## PROVIDED DATA
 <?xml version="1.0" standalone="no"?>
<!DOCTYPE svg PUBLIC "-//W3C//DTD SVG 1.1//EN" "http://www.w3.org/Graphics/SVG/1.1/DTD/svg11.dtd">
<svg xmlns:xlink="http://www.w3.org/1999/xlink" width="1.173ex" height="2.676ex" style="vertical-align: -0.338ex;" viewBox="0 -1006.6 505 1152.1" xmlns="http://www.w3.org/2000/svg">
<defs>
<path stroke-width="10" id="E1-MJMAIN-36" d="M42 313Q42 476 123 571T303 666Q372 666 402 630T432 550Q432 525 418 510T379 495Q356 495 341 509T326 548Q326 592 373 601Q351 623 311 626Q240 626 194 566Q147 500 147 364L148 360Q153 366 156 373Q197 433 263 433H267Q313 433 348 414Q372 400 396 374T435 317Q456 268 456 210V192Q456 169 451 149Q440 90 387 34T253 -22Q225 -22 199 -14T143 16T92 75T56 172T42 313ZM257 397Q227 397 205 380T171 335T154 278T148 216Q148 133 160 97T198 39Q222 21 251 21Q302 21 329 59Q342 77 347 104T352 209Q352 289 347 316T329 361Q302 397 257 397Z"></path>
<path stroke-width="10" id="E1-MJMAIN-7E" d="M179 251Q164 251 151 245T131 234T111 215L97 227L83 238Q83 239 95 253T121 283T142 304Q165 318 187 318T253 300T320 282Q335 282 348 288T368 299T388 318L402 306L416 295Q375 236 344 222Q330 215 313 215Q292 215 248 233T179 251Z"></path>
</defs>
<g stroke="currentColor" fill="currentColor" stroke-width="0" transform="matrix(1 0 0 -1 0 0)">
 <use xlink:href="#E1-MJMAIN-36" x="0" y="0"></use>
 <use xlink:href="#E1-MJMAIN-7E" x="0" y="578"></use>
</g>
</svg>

...

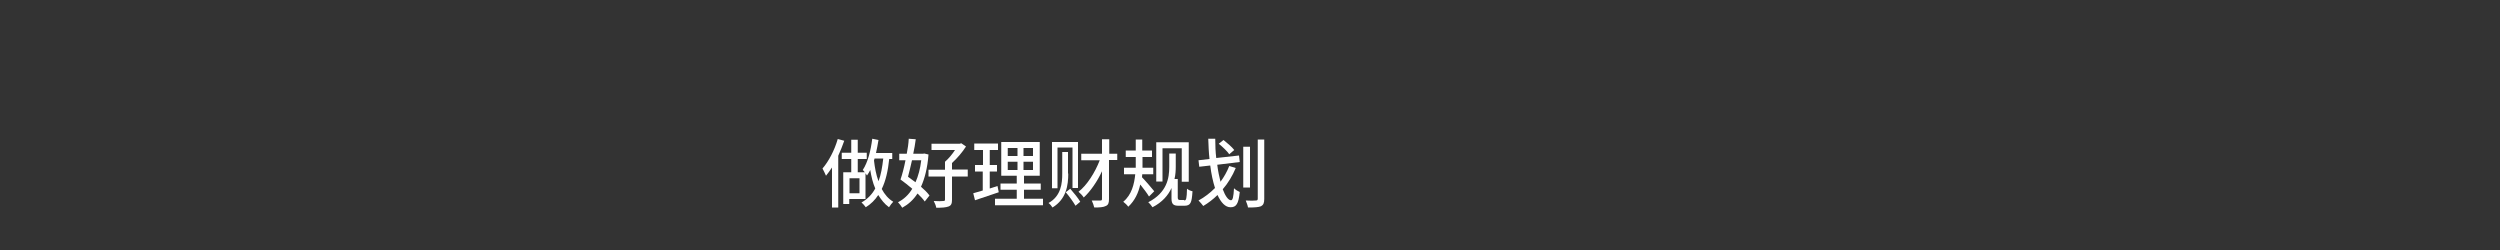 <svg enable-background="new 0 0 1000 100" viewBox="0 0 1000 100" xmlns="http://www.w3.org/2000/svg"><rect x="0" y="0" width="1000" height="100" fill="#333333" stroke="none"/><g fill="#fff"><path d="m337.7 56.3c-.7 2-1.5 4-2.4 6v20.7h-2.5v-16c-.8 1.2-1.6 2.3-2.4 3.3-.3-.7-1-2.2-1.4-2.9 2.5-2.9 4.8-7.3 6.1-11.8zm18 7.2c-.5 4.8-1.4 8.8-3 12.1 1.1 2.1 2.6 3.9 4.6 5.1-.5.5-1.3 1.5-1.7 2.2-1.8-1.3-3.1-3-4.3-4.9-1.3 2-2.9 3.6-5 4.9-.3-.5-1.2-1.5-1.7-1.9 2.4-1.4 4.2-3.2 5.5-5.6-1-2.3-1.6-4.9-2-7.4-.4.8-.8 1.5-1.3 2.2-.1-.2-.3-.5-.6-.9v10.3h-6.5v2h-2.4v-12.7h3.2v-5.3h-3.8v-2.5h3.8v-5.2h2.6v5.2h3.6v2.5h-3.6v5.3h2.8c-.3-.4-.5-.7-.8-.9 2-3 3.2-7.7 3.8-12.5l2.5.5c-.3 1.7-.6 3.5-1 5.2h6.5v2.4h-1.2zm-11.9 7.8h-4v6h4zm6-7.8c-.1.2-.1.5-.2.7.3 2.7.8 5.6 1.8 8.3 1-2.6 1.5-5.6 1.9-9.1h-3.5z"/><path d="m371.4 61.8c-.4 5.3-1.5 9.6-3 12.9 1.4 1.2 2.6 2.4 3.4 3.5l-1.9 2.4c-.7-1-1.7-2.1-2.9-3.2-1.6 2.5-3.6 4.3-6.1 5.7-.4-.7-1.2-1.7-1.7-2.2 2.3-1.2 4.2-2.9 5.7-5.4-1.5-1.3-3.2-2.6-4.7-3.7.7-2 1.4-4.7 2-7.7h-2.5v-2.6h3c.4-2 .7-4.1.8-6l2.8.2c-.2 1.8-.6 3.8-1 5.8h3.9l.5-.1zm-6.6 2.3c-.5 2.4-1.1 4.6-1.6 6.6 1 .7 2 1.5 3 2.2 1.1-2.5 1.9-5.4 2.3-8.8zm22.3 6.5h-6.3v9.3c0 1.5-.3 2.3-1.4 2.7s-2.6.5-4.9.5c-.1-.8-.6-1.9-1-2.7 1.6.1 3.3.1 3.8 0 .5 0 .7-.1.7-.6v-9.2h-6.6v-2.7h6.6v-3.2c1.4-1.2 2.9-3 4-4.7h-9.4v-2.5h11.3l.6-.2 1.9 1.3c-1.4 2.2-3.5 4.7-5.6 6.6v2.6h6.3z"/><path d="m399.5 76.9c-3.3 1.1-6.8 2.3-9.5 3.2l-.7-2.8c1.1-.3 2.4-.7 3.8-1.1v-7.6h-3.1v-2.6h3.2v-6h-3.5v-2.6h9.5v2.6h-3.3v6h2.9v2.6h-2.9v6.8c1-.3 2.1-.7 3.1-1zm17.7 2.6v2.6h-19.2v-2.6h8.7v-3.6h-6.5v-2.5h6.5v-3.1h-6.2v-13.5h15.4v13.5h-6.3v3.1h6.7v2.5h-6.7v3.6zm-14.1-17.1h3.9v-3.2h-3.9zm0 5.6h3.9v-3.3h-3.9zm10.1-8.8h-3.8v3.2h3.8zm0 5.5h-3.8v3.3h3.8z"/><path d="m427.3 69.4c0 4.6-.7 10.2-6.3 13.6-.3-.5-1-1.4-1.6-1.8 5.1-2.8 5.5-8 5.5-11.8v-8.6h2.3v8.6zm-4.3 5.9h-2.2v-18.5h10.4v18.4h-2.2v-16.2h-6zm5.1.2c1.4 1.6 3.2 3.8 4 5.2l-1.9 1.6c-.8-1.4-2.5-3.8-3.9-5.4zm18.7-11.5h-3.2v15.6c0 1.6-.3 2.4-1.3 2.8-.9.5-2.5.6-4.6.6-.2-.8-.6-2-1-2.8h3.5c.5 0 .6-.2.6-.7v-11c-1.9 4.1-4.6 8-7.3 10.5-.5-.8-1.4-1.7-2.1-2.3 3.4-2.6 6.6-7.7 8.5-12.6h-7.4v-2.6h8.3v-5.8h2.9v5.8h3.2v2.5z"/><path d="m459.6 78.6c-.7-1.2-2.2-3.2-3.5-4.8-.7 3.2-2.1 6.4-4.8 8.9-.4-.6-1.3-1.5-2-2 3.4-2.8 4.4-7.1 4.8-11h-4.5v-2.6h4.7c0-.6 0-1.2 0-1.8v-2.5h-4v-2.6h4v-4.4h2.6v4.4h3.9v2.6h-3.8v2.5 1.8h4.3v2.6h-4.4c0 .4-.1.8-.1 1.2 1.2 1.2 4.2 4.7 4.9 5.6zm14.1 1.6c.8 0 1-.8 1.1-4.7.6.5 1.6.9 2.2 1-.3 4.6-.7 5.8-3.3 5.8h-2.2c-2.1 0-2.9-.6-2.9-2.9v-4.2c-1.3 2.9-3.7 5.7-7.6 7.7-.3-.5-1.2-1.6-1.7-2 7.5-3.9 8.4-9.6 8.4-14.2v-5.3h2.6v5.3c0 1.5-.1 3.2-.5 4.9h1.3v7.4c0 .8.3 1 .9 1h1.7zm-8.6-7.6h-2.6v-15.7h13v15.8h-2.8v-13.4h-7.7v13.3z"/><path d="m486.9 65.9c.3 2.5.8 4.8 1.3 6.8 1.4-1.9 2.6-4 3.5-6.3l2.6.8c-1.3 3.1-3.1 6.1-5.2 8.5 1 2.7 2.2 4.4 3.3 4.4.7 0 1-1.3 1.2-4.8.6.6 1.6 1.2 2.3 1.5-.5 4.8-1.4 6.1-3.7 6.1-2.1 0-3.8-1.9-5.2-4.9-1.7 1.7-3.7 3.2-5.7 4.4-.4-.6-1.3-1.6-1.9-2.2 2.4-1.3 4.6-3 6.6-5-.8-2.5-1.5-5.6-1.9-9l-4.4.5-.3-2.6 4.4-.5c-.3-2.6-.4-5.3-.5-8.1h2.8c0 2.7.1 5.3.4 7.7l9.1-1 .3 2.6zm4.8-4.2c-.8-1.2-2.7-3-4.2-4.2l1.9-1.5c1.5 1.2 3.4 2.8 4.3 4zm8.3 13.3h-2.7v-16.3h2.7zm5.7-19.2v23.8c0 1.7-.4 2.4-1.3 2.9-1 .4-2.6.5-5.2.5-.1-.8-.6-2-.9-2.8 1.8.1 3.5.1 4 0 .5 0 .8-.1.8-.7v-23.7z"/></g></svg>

## EXERCISE GOAL
Pull every line containing "MJMAIN" out of the material and copy it.

## OUTPUT OF THE EXERCISE
<path stroke-width="10" id="E1-MJMAIN-36" d="M42 313Q42 476 123 571T303 666Q372 666 402 630T432 550Q432 525 418 510T379 495Q356 495 341 509T326 548Q326 592 373 601Q351 623 311 626Q240 626 194 566Q147 500 147 364L148 360Q153 366 156 373Q197 433 263 433H267Q313 433 348 414Q372 400 396 374T435 317Q456 268 456 210V192Q456 169 451 149Q440 90 387 34T253 -22Q225 -22 199 -14T143 16T92 75T56 172T42 313ZM257 397Q227 397 205 380T171 335T154 278T148 216Q148 133 160 97T198 39Q222 21 251 21Q302 21 329 59Q342 77 347 104T352 209Q352 289 347 316T329 361Q302 397 257 397Z"></path>
<path stroke-width="10" id="E1-MJMAIN-7E" d="M179 251Q164 251 151 245T131 234T111 215L97 227L83 238Q83 239 95 253T121 283T142 304Q165 318 187 318T253 300T320 282Q335 282 348 288T368 299T388 318L402 306L416 295Q375 236 344 222Q330 215 313 215Q292 215 248 233T179 251Z"></path>
 <use xlink:href="#E1-MJMAIN-36" x="0" y="0"></use>
 <use xlink:href="#E1-MJMAIN-7E" x="0" y="578"></use>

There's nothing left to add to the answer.